Divestiture of Literature


“You’re here early.” Sam said the next morning when I walked into the break room. Usually Sam got to work before the short bus arrived and had already finished his first cup of coffee when I got there. Not today.

“I moved closer to work,” I told him, “the old place was running out of room for bookshelves.”

“That makes sense.” Sam said. “I guess.”

Sam wasn’t fooled for a second. He knew that most of the plant employees now lived in the same building that they worked in, just as he knew that I did now. In fact he’d help make it happen.

The economy of River City began to improve. Technology advanced. Moore's law continued to not be broken. The Internet grew like a bad yeast infection.

I decided to move onto a barge.

I wasn’t all that happy with all the new people moving into the old factory with me, I liked my privacy. Now that I had been evicted once, I didn’t see any reason to allow that to happen again. In order to prevent it, should the danger ever arise, I’d decided to find a home that was mobile. The re-purposed factory building that I was now living in was adjacent to a river. Some time earlier I’d noticed that there were a number of old barges tied up along the shore. I had Elvira investigate them. I watched through her eyes as she scoped them all out. More than half of the barges were now occupied by industrious squatters just like me. Some were very good carpenters and innovators...some...not so much.

If other people could live on the water then so could I. It gave me an idea, an obvious corollary to simply moving into an abandoned barge. I had Ssmoke now and that gave me a major advantage. I also didn’t need anywhere near as much room to live in as other people. I decided to build my own boat, my own design, right there in the shop. It wasn’t hard. It took a few days to think about it, to design it in my mind then but only a few minutes to conjure it from Structural Smoke.

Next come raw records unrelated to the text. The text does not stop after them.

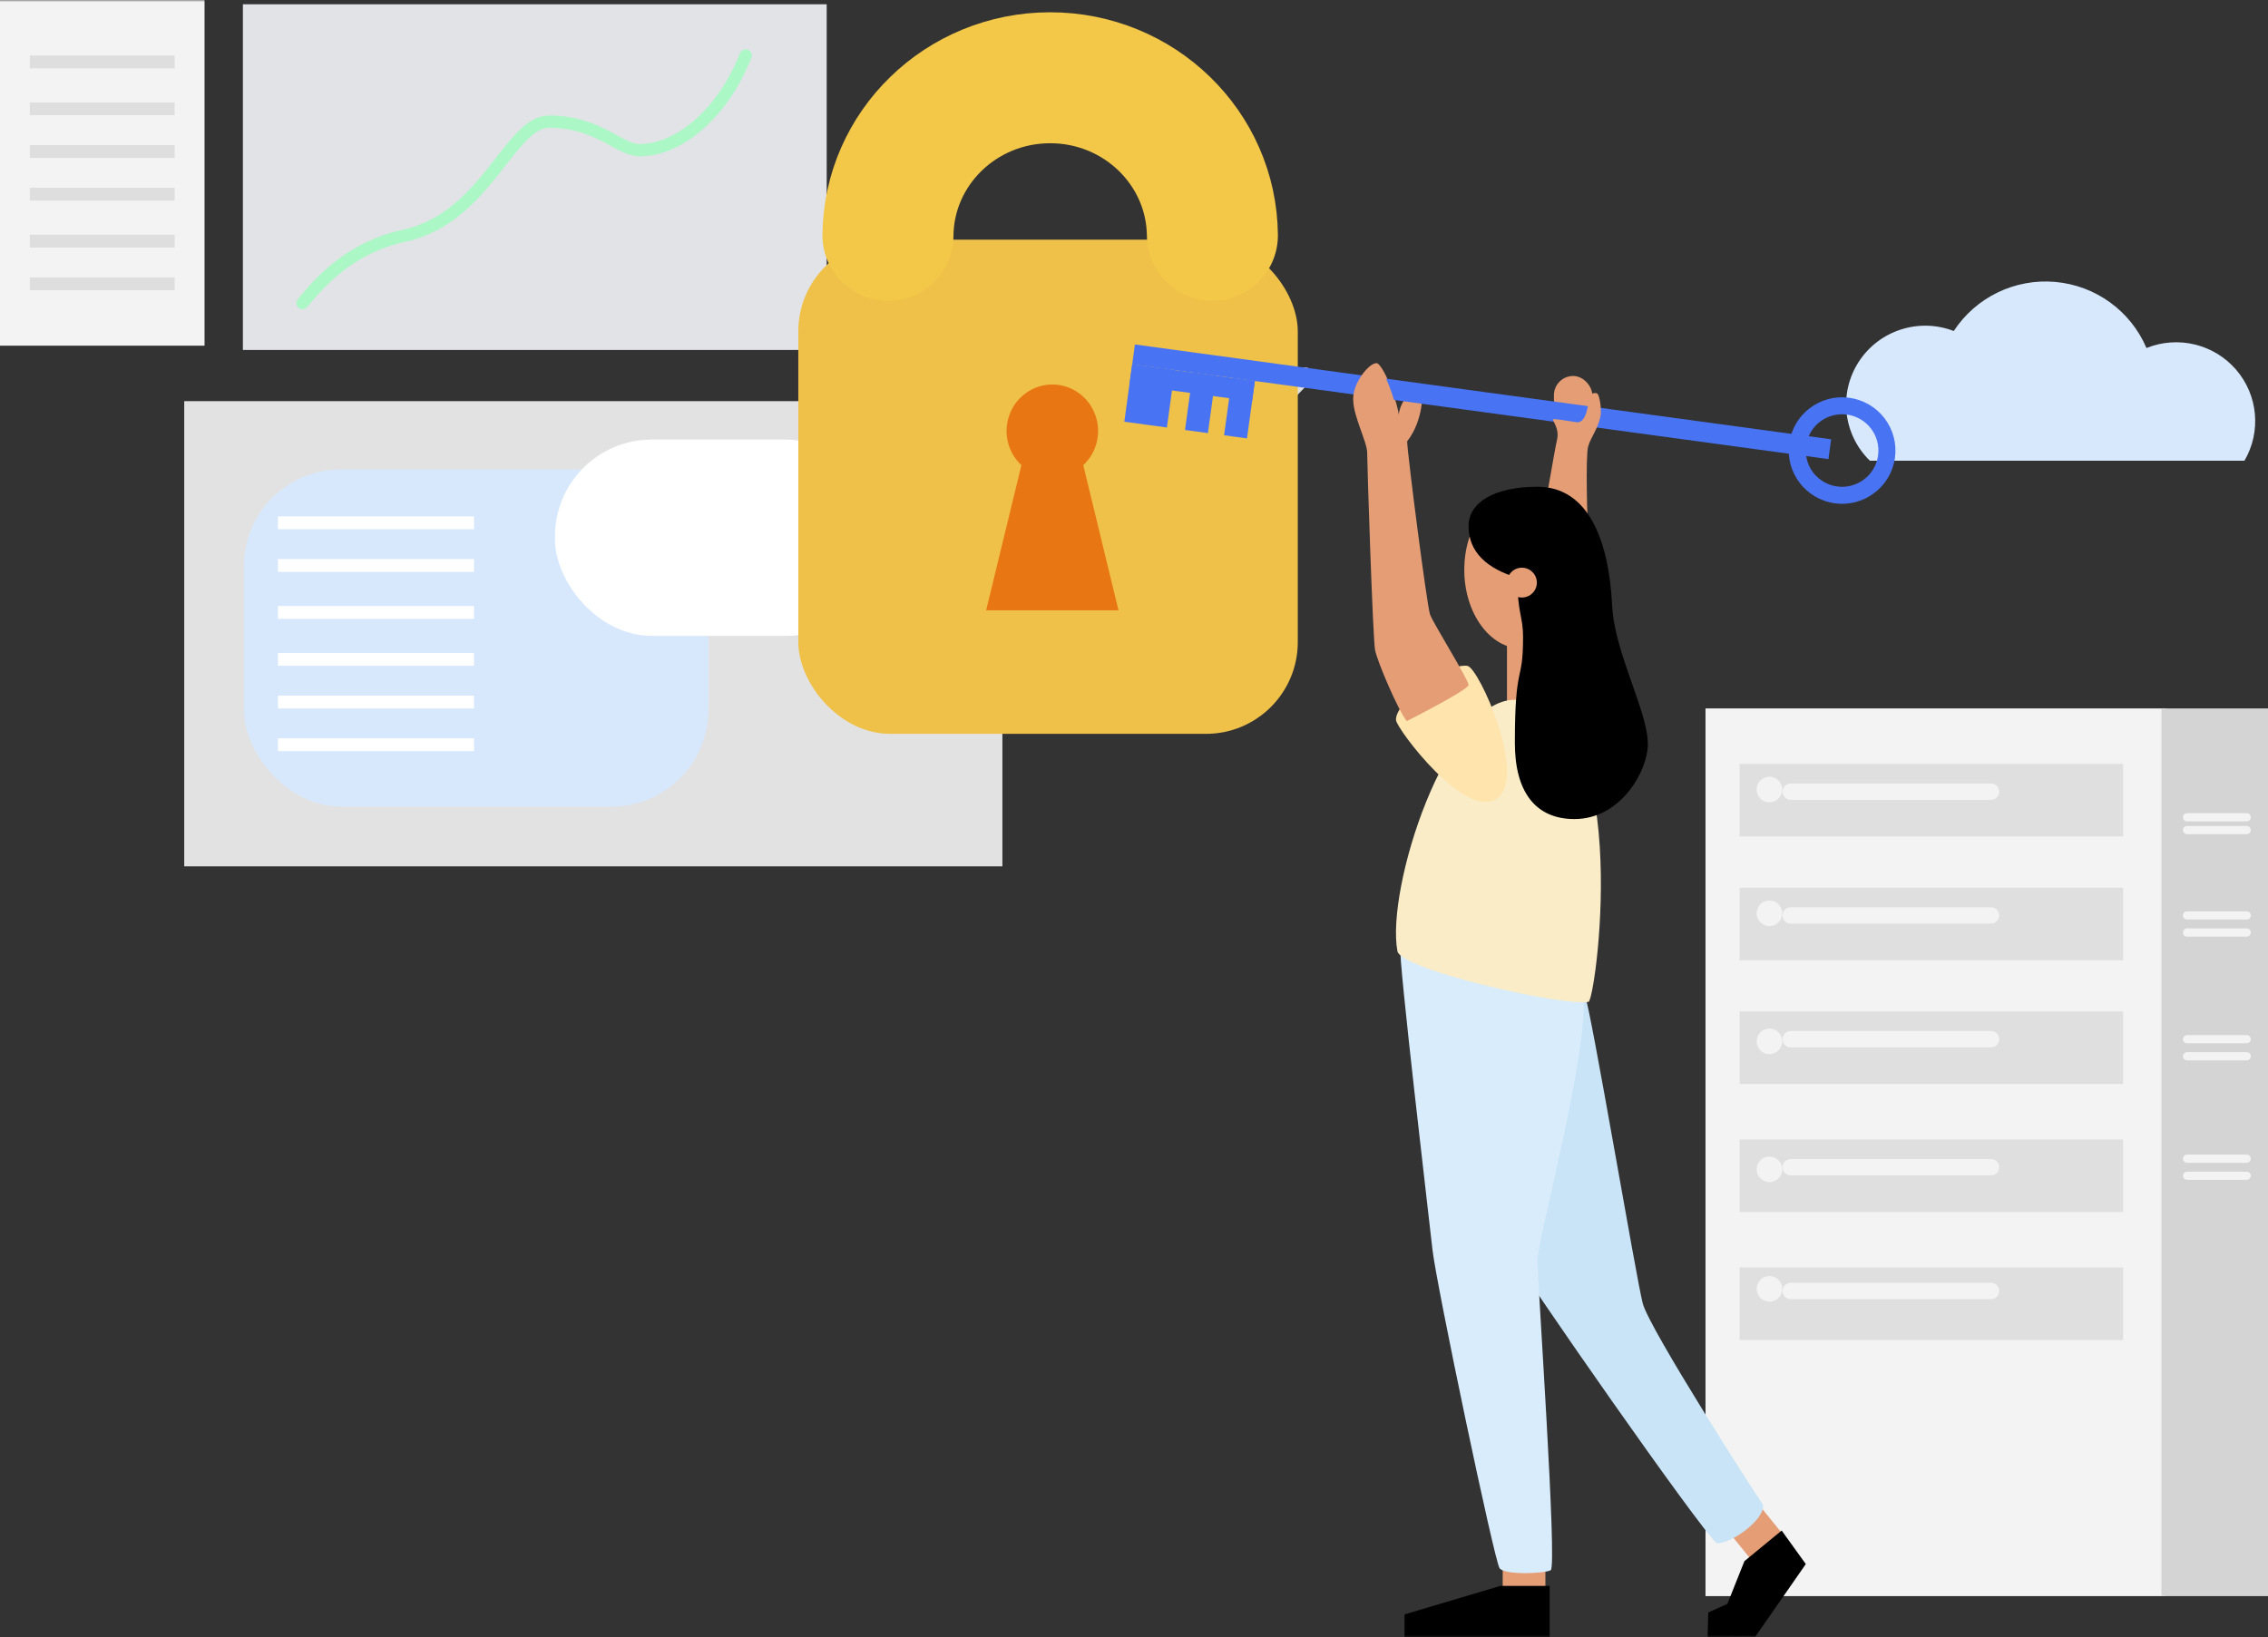 <?xml version="1.0"?>
<svg xmlns="http://www.w3.org/2000/svg" xmlns:xlink="http://www.w3.org/1999/xlink" width="554" height="400" viewBox="0 0 554 400">
    <rect x="0" y="0" width="554" height="400" fill="#333333" stroke="none"/>
    <defs>
        <path id="prefix__a" d="M0 0H600V400H0z"/>
    </defs>
    <g fill="none" fill-rule="evenodd" transform="translate(-1)">
        <mask id="prefix__b" fill="#fff">
            <use xlink:href="#prefix__a"/>
        </mask>
        <g mask="url(#prefix__b)">
            <g transform="translate(1)">
                <path fill="#F3F3F3" fill-rule="nonzero" d="M416.601 173.102H529.018V390H416.601z" transform="rotate(-180 472.81 281.55)"/>
                <path fill="#D4D4D4" fill-rule="nonzero" d="M527.978 173.102H554V390H527.978z" transform="rotate(-180 540.989 281.55)"/>
                <path fill="#DFDFDF" fill-rule="nonzero" d="M424.928 186.658H518.609V204.385H424.928z" transform="rotate(-180 471.769 195.521)"/>
                <ellipse cx="432.215" cy="192.914" fill="#F3F3F3" fill-rule="nonzero" rx="3.123" ry="3.128"/>
                <path stroke="#F3F3F3" stroke-linecap="round" stroke-linejoin="round" stroke-width="4" d="M486.342 193.436L437.419 193.436"/>
                <path fill="#DFDFDF" fill-rule="nonzero" d="M424.928 216.898H518.609V234.625H424.928z" transform="rotate(-180 471.769 225.762)"/>
                <ellipse cx="432.215" cy="223.155" fill="#F3F3F3" fill-rule="nonzero" rx="3.123" ry="3.128"/>
                <path stroke="#F3F3F3" stroke-linecap="round" stroke-linejoin="round" stroke-width="4" d="M486.342 223.676L437.419 223.676"/>
                <path fill="#DFDFDF" fill-rule="nonzero" d="M424.928 247.139H518.609V264.866H424.928z" transform="rotate(-180 471.769 256.003)"/>
                <ellipse cx="432.215" cy="254.439" fill="#F3F3F3" fill-rule="nonzero" rx="3.123" ry="3.128"/>
                <path stroke="#F3F3F3" stroke-linecap="round" stroke-linejoin="round" stroke-width="4" d="M486.342 253.917L437.419 253.917"/>
                <path fill="#DFDFDF" fill-rule="nonzero" d="M424.928 278.422H518.609V296.149H424.928z" transform="rotate(-180 471.769 287.286)"/>
                <ellipse cx="432.215" cy="285.722" fill="#F3F3F3" fill-rule="nonzero" rx="3.123" ry="3.128"/>
                <path stroke="#F3F3F3" stroke-linecap="round" stroke-linejoin="round" stroke-width="4" d="M486.342 285.201L437.419 285.201"/>
                <path fill="#DFDFDF" fill-rule="nonzero" d="M424.928 309.706H518.609V327.433H424.928z" transform="rotate(-180 471.769 318.57)"/>
                <ellipse cx="432.215" cy="314.92" fill="#F3F3F3" fill-rule="nonzero" rx="3.123" ry="3.128"/>
                <path stroke="#F3F3F3" stroke-linecap="round" stroke-linejoin="round" stroke-width="4" d="M486.342 315.441L437.419 315.441"/>
                <path stroke="#F3F3F3" stroke-linecap="round" stroke-linejoin="round" stroke-width="2" d="M548.796 199.693L534.223 199.693M548.796 202.821L534.223 202.821M548.796 223.676L534.223 223.676M548.796 227.848L534.223 227.848M548.796 253.917L534.223 253.917M548.796 258.088L534.223 258.088M548.796 283.115L534.223 283.115M548.796 287.286L534.223 287.286"/>
                <g fill-rule="nonzero" transform="translate(45 98.021)">
                    <path fill="#E2E2E2" d="M0 0H199.853V113.663H0z"/>
                    <rect width="113.458" height="82.38" x="14.573" y="16.684" fill="#D8E8FC" rx="23.65"/>
                    <path fill="#FFF" d="M22.9 28.155H70.781V31.283H22.9zM22.9 38.583H70.781V41.711H22.9zM22.9 50.053H70.781V53.181H22.9zM22.9 61.524H70.781V64.652H22.9zM22.9 71.952H70.781V75.08H22.9zM22.9 82.38H70.781V85.508H22.9z"/>
                    <rect width="80.149" height="47.968" x="90.558" y="9.385" fill="#FFF" rx="23.65"/>
                </g>
                <path fill="#E2E3E7" fill-rule="nonzero" d="M59.331 1.043H201.934V85.508H59.331z"/>
                <path fill="#F3F3F3" fill-rule="nonzero" d="M0 0H49.963V84.465H0z"/>
                <path stroke="#ABF7C6" stroke-linecap="round" stroke-linejoin="round" stroke-width="3" d="M73.904 74.037c4.142-5.017 11.491-13.542 24.86-16.44 19.974-4.337 25.752-27.876 35.352-27.876 12.048 0 17.124 6.969 22.096 6.969 9.982 0 20.469-9.34 25.945-23.134"/>
                <path fill="#DEDEDE" fill-rule="nonzero" d="M7.286 13.556H42.677V16.684H7.286zM7.286 25.027H42.677V28.155H7.286zM7.286 35.455H42.677V38.583H7.286zM7.286 45.882H42.677V49.01H7.286zM7.286 57.353H42.677V60.481H7.286zM7.286 67.781H42.677V70.909H7.286z"/>
                <ellipse cx="204.778" cy="115.227" fill="#F3F3F3" fill-rule="nonzero" rx="2.602" ry="2.607"/>
                <ellipse cx="204.778" cy="150.682" fill="#F3F3F3" fill-rule="nonzero" rx="2.602" ry="2.607"/>
                <path stroke="#F3F3F3" stroke-linecap="round" stroke-linejoin="round" stroke-width="3" d="M204.778 115.749L204.778 150.16M211.024 120.963L211.024 140.775M204.258 151.203L210.503 140.775"/>
                <path fill="#D8E8FC" fill-rule="nonzero" d="M456.743 112.568c-6.544-6.394-7.677-16.488-2.713-24.164 4.965-7.676 14.66-10.82 23.21-7.526 5.405-8.252 14.937-12.863 24.79-11.993 9.852.87 18.42 7.08 22.285 16.15 7.66-3.086 16.443-.977 21.85 5.247 5.408 6.224 6.244 15.186 2.079 22.296l-91.501-.01z"/>
                <path stroke="#DFDFDF" stroke-linecap="round" stroke-linejoin="round" stroke-width="4" d="M289.611 110.535c10.075 0 19.29-8.474 29.146-18.77"/>
                <g transform="translate(195 19)">
                    <path fill="#E49D75" fill-rule="nonzero" d="M172.062 362.262H182.49V369.549H172.062z"/>
                    <path fill="#E49D75" fill-rule="nonzero" d="M229.243 351.62L239.163 351.634 239.176 360.418 229.256 360.404z" transform="rotate(-38.93 234.21 356.02)"/>
                    <rect width="9.385" height="10.41" x="184.576" y="72.869" fill="#E49D75" fill-rule="nonzero" rx="4.693"/>
                    <path fill="#C9E4F7" fill-rule="nonzero" d="M192.152 224.24c1.442 3.276 12.495 69.02 14.119 75.239 1.624 6.219 27.607 46.762 29.376 49.186.543 3.505-7.482 9.433-11.288 9.433-3.806-2.98-48.257-66.805-49.324-69.638-1.067-2.834-4.647-70.64 17.117-64.22z"/>
                    <path fill="#D8ECFC" fill-rule="nonzero" d="M147.059 212.521c-.499 2.74 6.923 65.38 7.844 73.793.921 8.413 15.142 76.186 16.4 77.879 1.258 1.692 10.83 1.326 12.483.48 1.652-.846-3.229-70.668-3.229-75.73 0-5.062 12.82-51.75 11.172-65.274-1.647-13.523-44.67-11.148-44.67-11.148z"/>
                    <path fill="#E49D75" fill-rule="nonzero" d="M173.105 136.369H183.533V154.066H173.105z"/>
                    <rect width="122.008" height="120.754" y="39.557" fill="#EFC148" fill-rule="nonzero" rx="22.42"/>
                    <path fill="#E87613" fill-rule="nonzero" d="M69.61 94.665c3.395-3.164 4.53-8.12 2.858-12.48-1.672-4.362-5.808-7.234-10.417-7.234-4.608 0-8.744 2.872-10.416 7.233-1.672 4.361-.537 9.317 2.859 12.481l-8.61 35.458H78.21l-8.6-35.458z"/>
                    <path stroke="#F3C748" stroke-linecap="round" stroke-linejoin="round" stroke-width="32" d="M21.899 38.516C22.096 17.188 39.779 0 61.525 0s39.43 17.188 39.627 38.516"/>
                    <ellipse cx="176.755" cy="120.234" fill="#E49D75" fill-rule="nonzero" rx="14.078" ry="19.258"/>
                    <path fill="#FAECC6" fill-rule="nonzero" d="M174.971 151.984c-16.641 0-31.475 46.119-28.626 61.424.843 4.52 40.667 13.64 46.754 12.364 2.163-2.94 10.99-73.788-18.128-73.788z"/>
                    <path fill="#FFE4AD" fill-rule="nonzero" d="M170.692 176.086c7.444-5.462-4.455-31.926-7.235-32.38-5.122-.837-17.857 9.086-17.455 13.256.212 2.2 17.11 24.685 24.69 19.124z"/>
                    <path fill="#E49D75" fill-rule="nonzero" d="M148.637 157.189c-2.053-2.457-7.185-14.48-7.747-17.334-.561-2.852-1.936-45.729-1.936-48.268 0-2.539-3.39-8.944-3.39-12.767 0-3.823 3.903-9.007 5.888-9.074 2.12 1.501 5.065 10.305 5.2 12.55.74-4.827 4.246-5.937 5.205-5.937.959 0 .833 7.457-3.137 12.477.14 3.688 4.842 40.212 5.602 42.326.76 2.114 9.417 15.972 9.398 17.198-.02 1.226-15.083 8.829-15.083 8.829z"/>
                    <path fill="#4874F3" fill-rule="nonzero" d="M81.108 76.764L252.744 76.697 252.742 81.586 81.106 81.653z" transform="rotate(7.78 166.925 79.175)"/>
                    <path fill="#4874F3" fill-rule="nonzero" d="M80.553 70.656L91.049 70.652 91.043 84.813 80.547 84.817z" transform="rotate(7.78 85.798 77.734)"/>
                    <path fill="#4874F3" fill-rule="nonzero" d="M95.398 72.349L101.044 72.347 101.038 86.508 95.392 86.51z" transform="rotate(7.78 98.218 79.429)"/>
                    <path fill="#E49D75" fill-rule="nonzero" d="M193.065 111.385c-.403-2.289-.767-18.876-.146-21.219.621-2.342 2.3-4.051 3.051-7.547.257-1.203-.15-5.365-.97-5.54-1.766-.376-1.867 1.594-2.1 3.043-.902 4.94-2.74 4.037-3.59 3.921-.849-.116-3.764-.618-4.72-.642-.955-.024 1.48 1.932.738 5.056-.582 2.458-3.318 18.833-3.88 21.513 2.042.082 11.617 1.415 11.617 1.415z"/>
                    <path fill="#4874F3" fill-rule="nonzero" d="M104.945 73.645L110.591 73.643 110.585 87.804 104.939 87.806z" transform="rotate(7.78 107.765 80.724)"/>
                    <path fill="#4874F3" fill-rule="nonzero" d="M81.081 72.036L111.319 72.024 111.317 77.043 81.079 77.055z" transform="rotate(7.78 96.199 74.54)"/>
                    <path fill="#4874F3" fill-rule="nonzero" d="M256.725 78.194c-7.13-.969-13.699 4.013-14.673 11.13-.975 7.116 4.012 13.675 11.141 14.652 7.13.977 13.703-3.998 14.685-11.114.472-3.422-.438-6.89-2.53-9.642-2.092-2.752-5.195-4.56-8.623-5.026zm7.028 14.09c-.487 3.55-3.067 6.458-6.54 7.368-3.471.91-7.15-.358-9.321-3.212-2.17-2.853-2.405-6.732-.594-9.825 1.81-3.094 5.31-4.794 8.867-4.308 4.854.664 8.251 5.13 7.588 9.977z"/>
                    <path fill="#E49D75" fill-rule="nonzero" d="M148.078 87.385c-.607-2.311-1.79-4.332-1.982-6.07v.053c-.13-2.083-2.925-10.236-4.94-11.622-1.885.062-5.592 4.863-5.592 8.403 0 2.598 1.748 6.482 2.677 9.294h9.818l.019-.058z"/>
                    <path fill="#000" fill-rule="nonzero" d="M163.72 109.547c0 6.445 4.616 10.42 11.932 12.637 0 8.82 1.382 9.207 1.382 14.577 0 11.571-2.002 5.786-2.002 25.766 0 12.05 5.12 18.604 14.546 18.604 11.399 0 17.94-11.882 17.94-18.284 0-8.122-8.156-22.235-8.728-33.955-.79-15.766-5.765-28.958-18.24-28.958-10.658 0-16.83 3.909-16.83 9.613z"/>
                    <ellipse cx="176.755" cy="123.357" fill="#E49D75" fill-rule="nonzero" rx="3.65" ry="3.643"/>
                    <path fill="#000" fill-rule="nonzero" d="M240.203 354.975L246.101 363.164 233.762 380.923 222.117 381 222.268 374.995 226.944 372.893 231.101 362.458zM183.533 368.508L183.533 381 148.078 381 148.078 375.469 171.471 368.508 183.533 368.508"/>
                </g>
            </g>
        </g>
    </g>
</svg>

On the outside it looked like a small Trilobite type Shanty Boat®, it was actually based on the 26 x 7 Slack Tide®.


Elvira and I had also discovered libraries. (Yeah I know...duh!) A branch library was near by, and we spent a lot of time there too.

“Houston we have a problem.” I said to Elvira one evening.

“What would that be dear?” She asked me

We were in the reading room of one of the branches of the Carnegie Library of River City. Oddly enough even though they allowed me to check out several books at a time I was reluctant to do so. I felt a strange reluctance to removing books from the library.

“Books are almost holy.” I had told her. “Damaging a book is a sin and a shame. If one of my books gets damaged, one that I bought and paid for... that’s one thing. If one of these books get damaged, one that was entrusted into my care but belongs to someone else. That’s another thing. I’m reluctant to take any of them to the barge.”

“I see your point. I have a solution” she said.

“What?” he asked.

“Read fast” she said.

-Glare- ... I stared at her. (Rather like navel gazing, come to think...voices in my mind...and like that)

“No, really. All you have to do is glance at a page and I can store the content for you to read at your leisure.” she said.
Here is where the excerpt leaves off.